[[ Extracted material open ]]

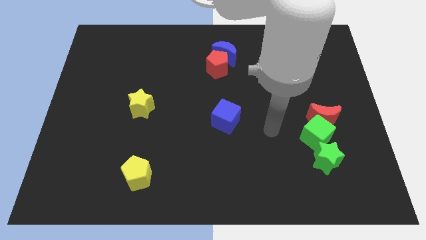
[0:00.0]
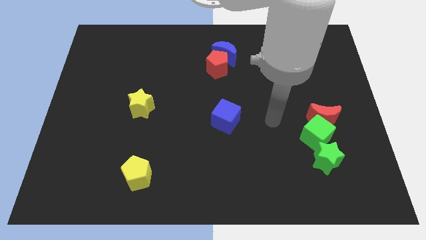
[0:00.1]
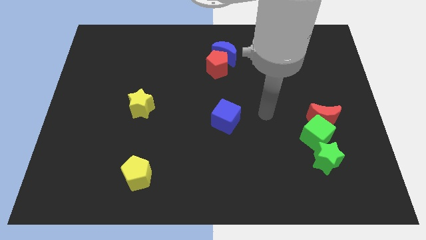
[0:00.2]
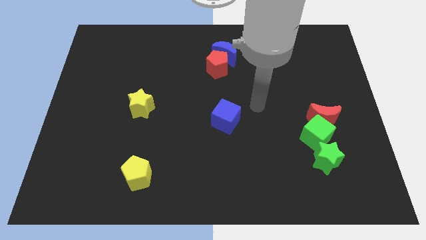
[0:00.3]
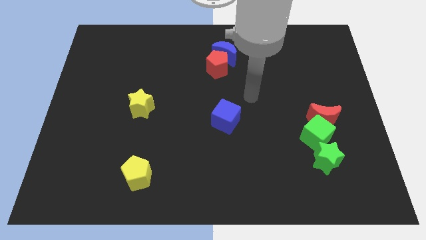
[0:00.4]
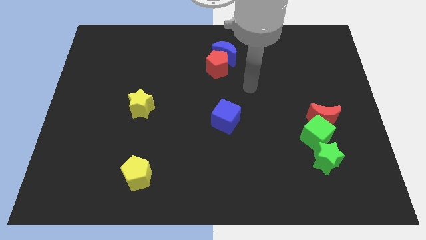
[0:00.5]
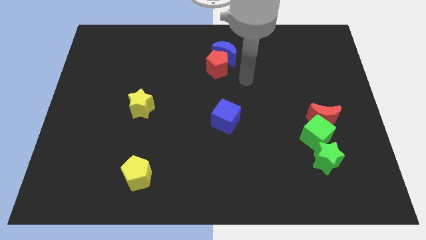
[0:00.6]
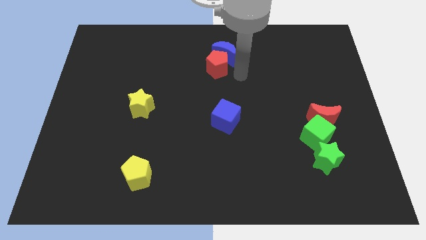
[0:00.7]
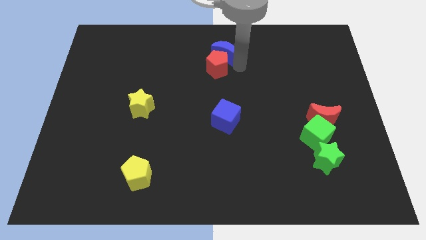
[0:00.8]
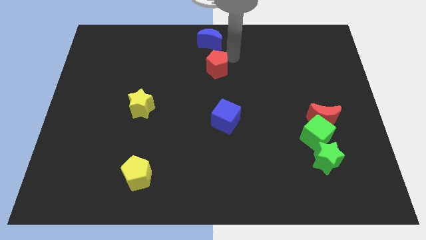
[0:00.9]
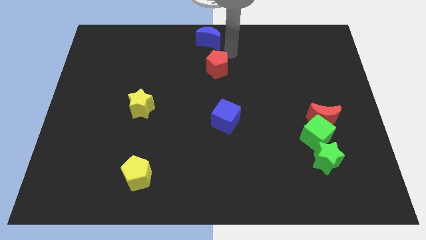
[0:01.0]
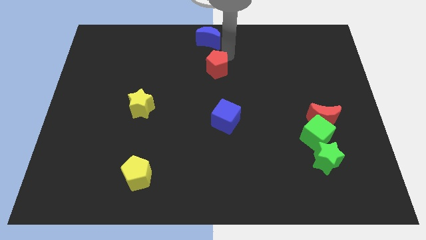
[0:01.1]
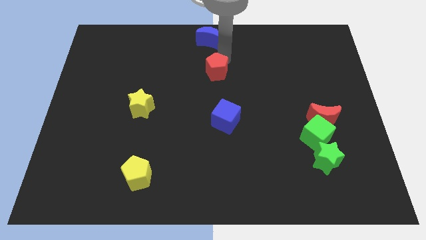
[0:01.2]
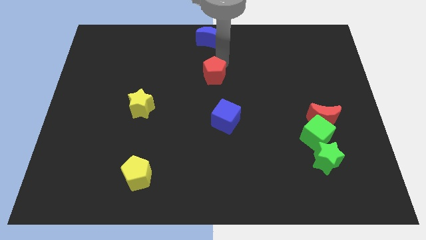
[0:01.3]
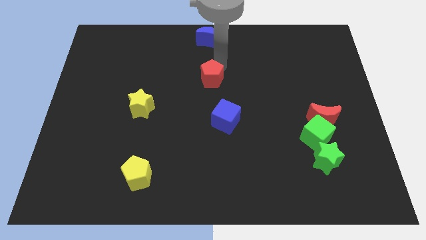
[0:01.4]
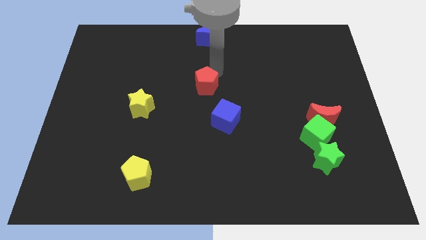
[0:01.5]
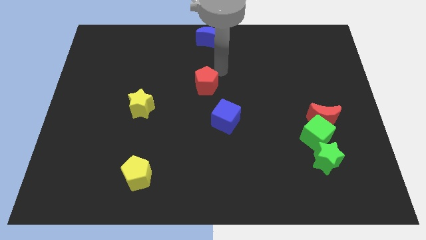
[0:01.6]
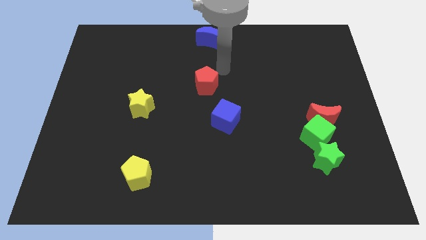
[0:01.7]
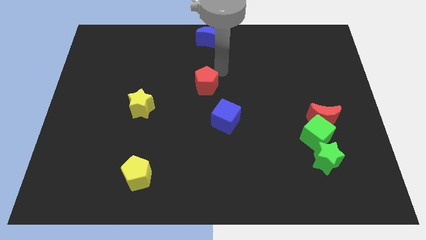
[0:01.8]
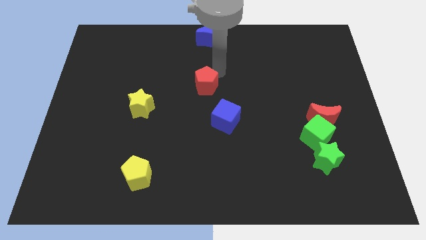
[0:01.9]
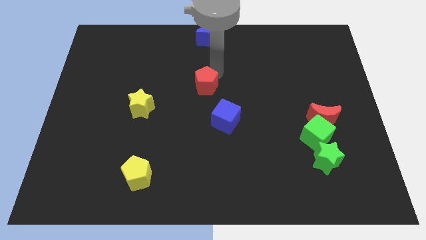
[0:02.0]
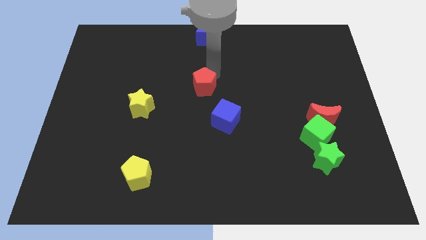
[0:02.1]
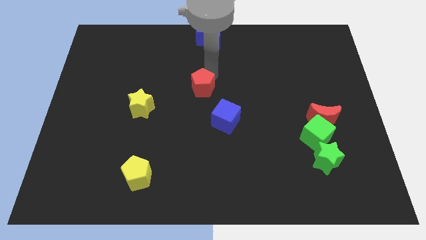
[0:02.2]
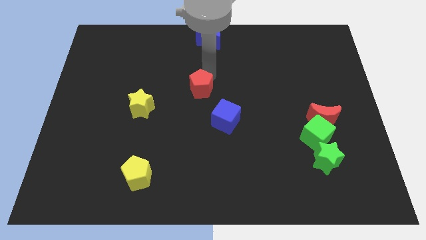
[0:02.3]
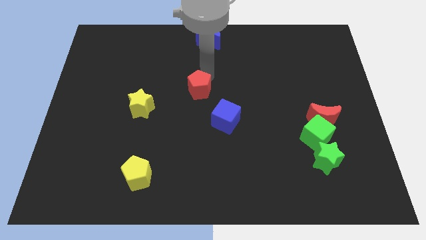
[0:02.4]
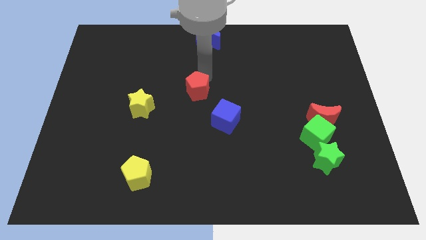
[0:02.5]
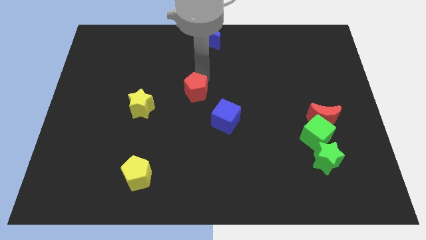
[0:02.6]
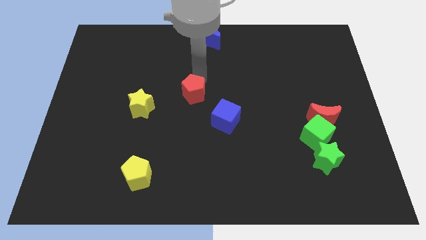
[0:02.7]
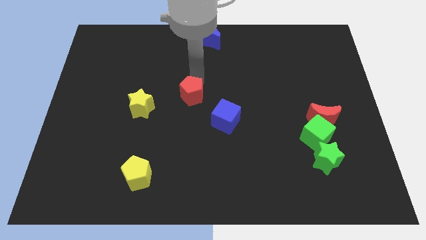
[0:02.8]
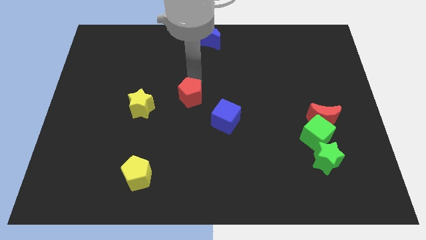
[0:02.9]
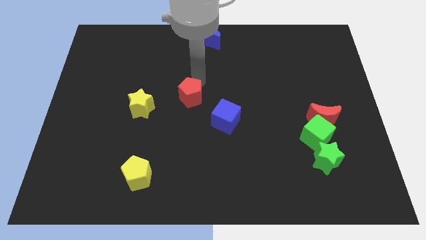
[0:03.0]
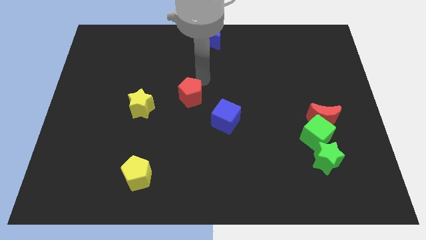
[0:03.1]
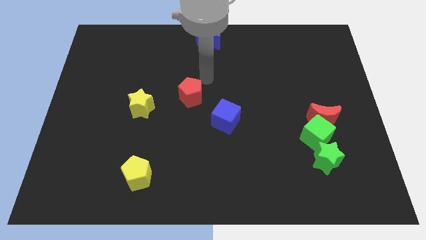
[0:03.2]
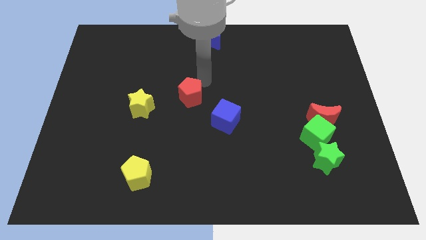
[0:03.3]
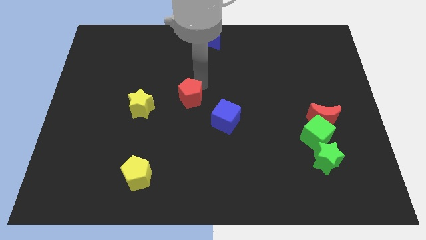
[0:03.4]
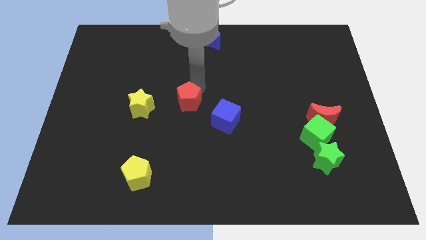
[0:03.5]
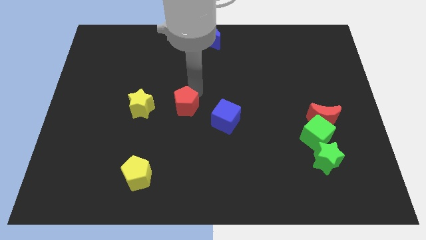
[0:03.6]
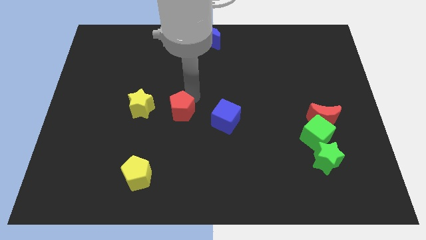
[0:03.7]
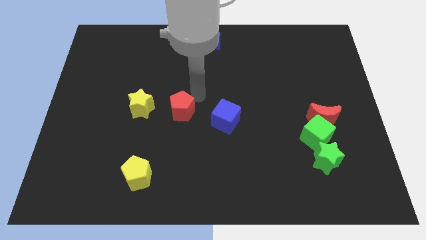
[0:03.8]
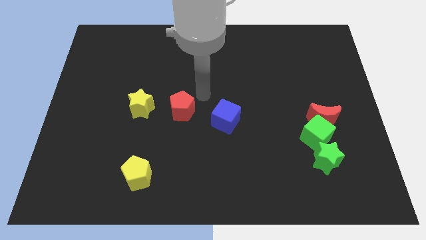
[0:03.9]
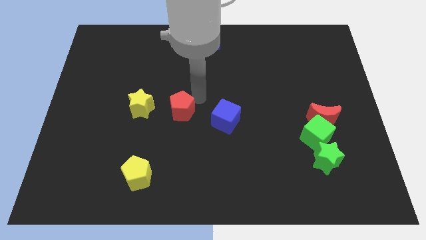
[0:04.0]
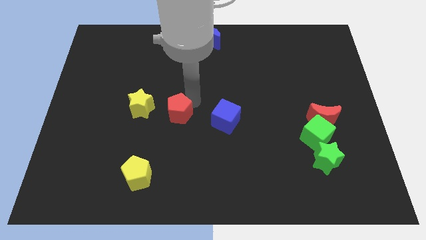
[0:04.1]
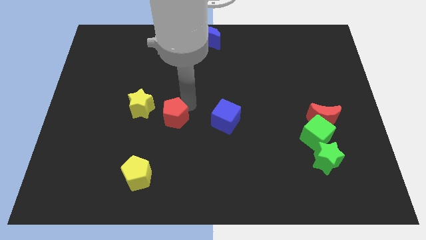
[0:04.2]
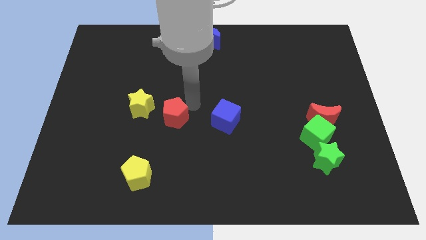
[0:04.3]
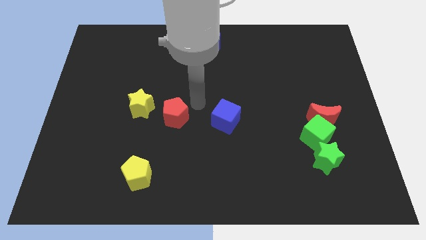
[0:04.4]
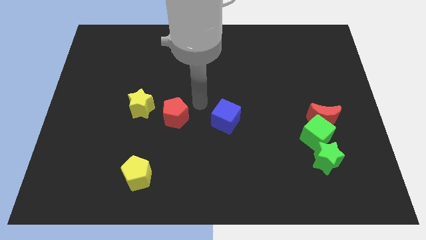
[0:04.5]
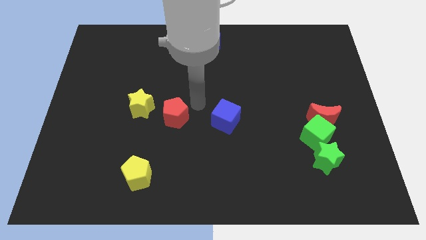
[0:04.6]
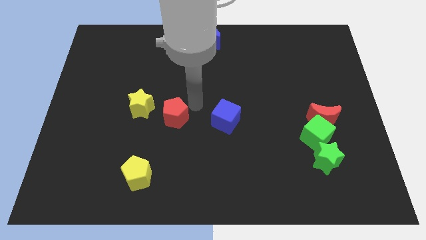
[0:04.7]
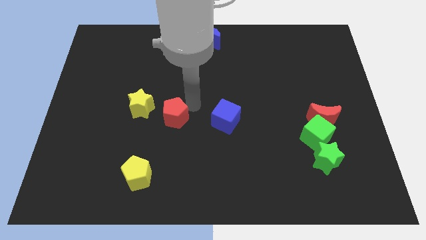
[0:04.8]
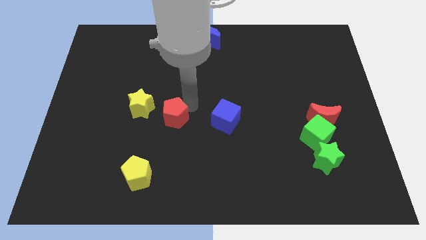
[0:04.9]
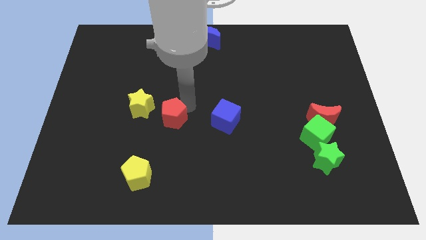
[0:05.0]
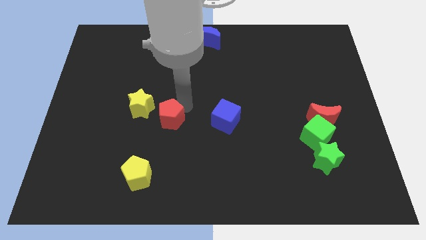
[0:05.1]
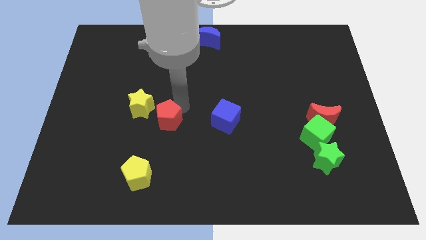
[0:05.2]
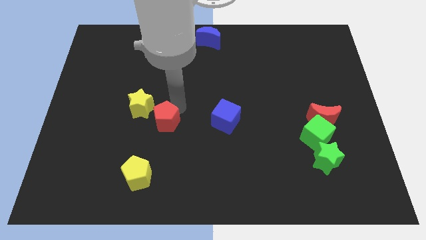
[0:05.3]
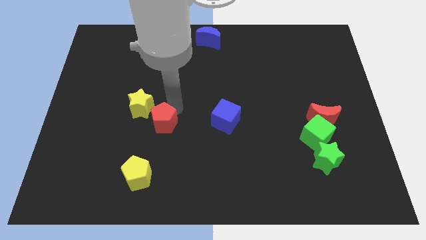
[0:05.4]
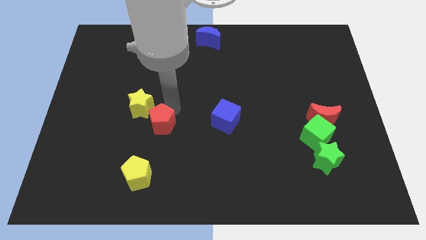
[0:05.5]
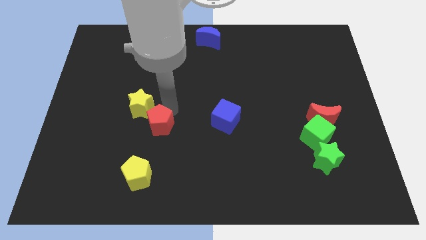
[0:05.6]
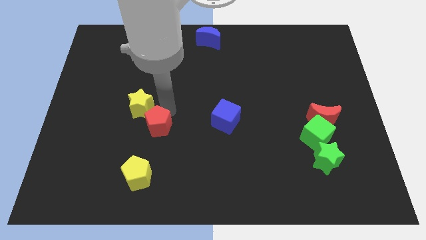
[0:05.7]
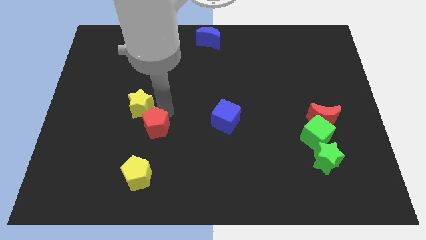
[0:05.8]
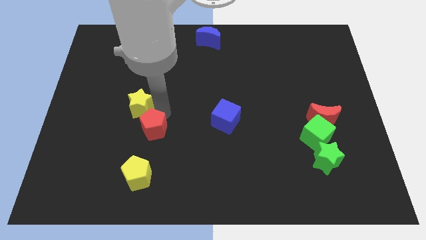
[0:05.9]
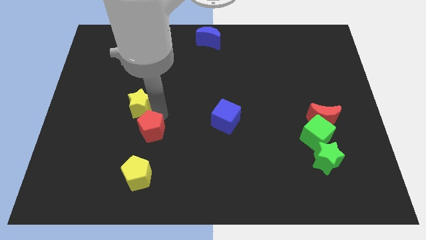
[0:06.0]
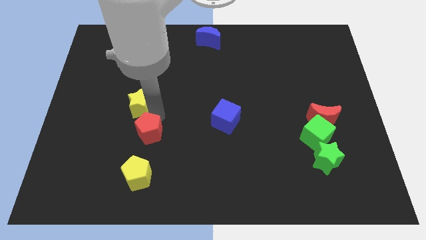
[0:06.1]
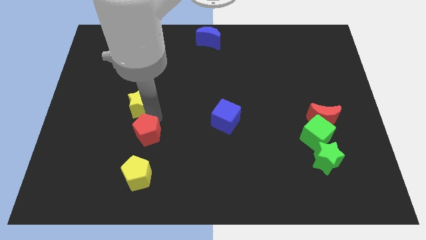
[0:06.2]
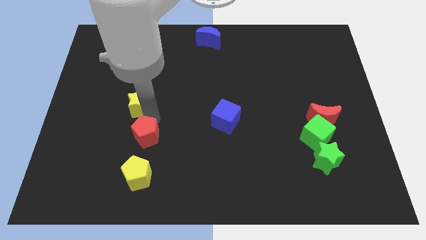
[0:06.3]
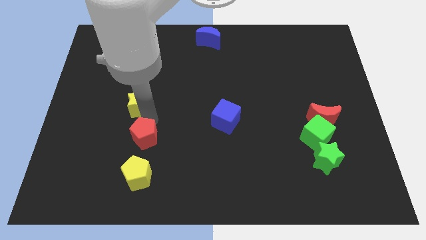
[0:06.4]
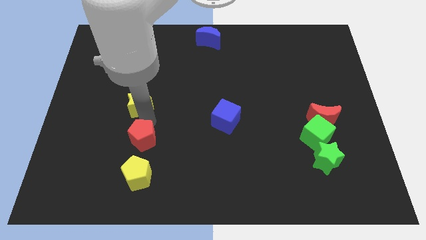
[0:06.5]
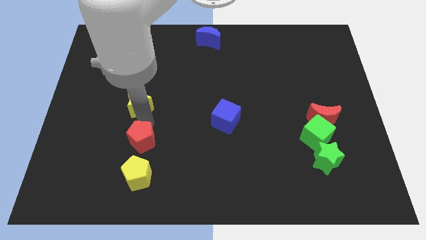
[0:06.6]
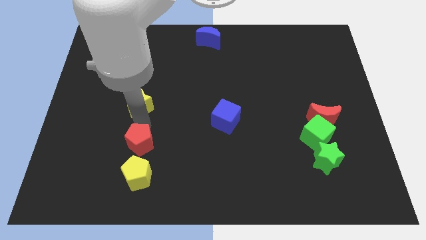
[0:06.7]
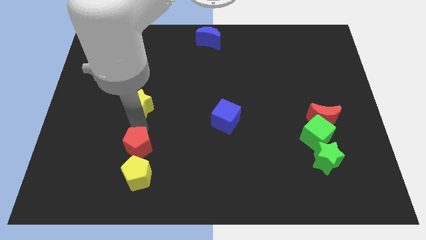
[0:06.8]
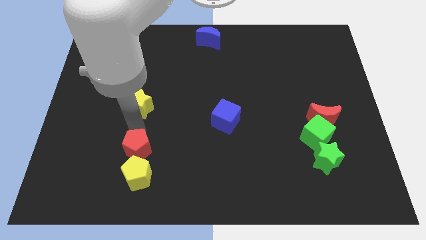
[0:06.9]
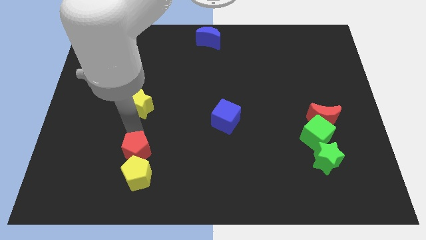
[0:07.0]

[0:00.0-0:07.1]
move the red pentagon next to the yellow pentagon

[[ Extracted material closed ]]

Task item: Restate all entries above exactly, but not the images.

Problem solution:
[0:00.0]
[0:00.1]
[0:00.2]
[0:00.3]
[0:00.4]
[0:00.5]
[0:00.6]
[0:00.7]
[0:00.8]
[0:00.9]
[0:01.0]
[0:01.1]
[0:01.2]
[0:01.3]
[0:01.4]
[0:01.5]
[0:01.6]
[0:01.7]
[0:01.8]
[0:01.9]
[0:02.0]
[0:02.1]
[0:02.2]
[0:02.3]
[0:02.4]
[0:02.5]
[0:02.6]
[0:02.7]
[0:02.8]
[0:02.9]
[0:03.0]
[0:03.1]
[0:03.2]
[0:03.3]
[0:03.4]
[0:03.5]
[0:03.6]
[0:03.7]
[0:03.8]
[0:03.9]
[0:04.0]
[0:04.1]
[0:04.2]
[0:04.3]
[0:04.4]
[0:04.5]
[0:04.6]
[0:04.7]
[0:04.8]
[0:04.9]
[0:05.0]
[0:05.1]
[0:05.2]
[0:05.3]
[0:05.4]
[0:05.5]
[0:05.6]
[0:05.7]
[0:05.8]
[0:05.9]
[0:06.0]
[0:06.1]
[0:06.2]
[0:06.3]
[0:06.4]
[0:06.5]
[0:06.6]
[0:06.7]
[0:06.8]
[0:06.9]
[0:07.0]

[0:00.0-0:07.1]
move the red pentagon next to the yellow pentagon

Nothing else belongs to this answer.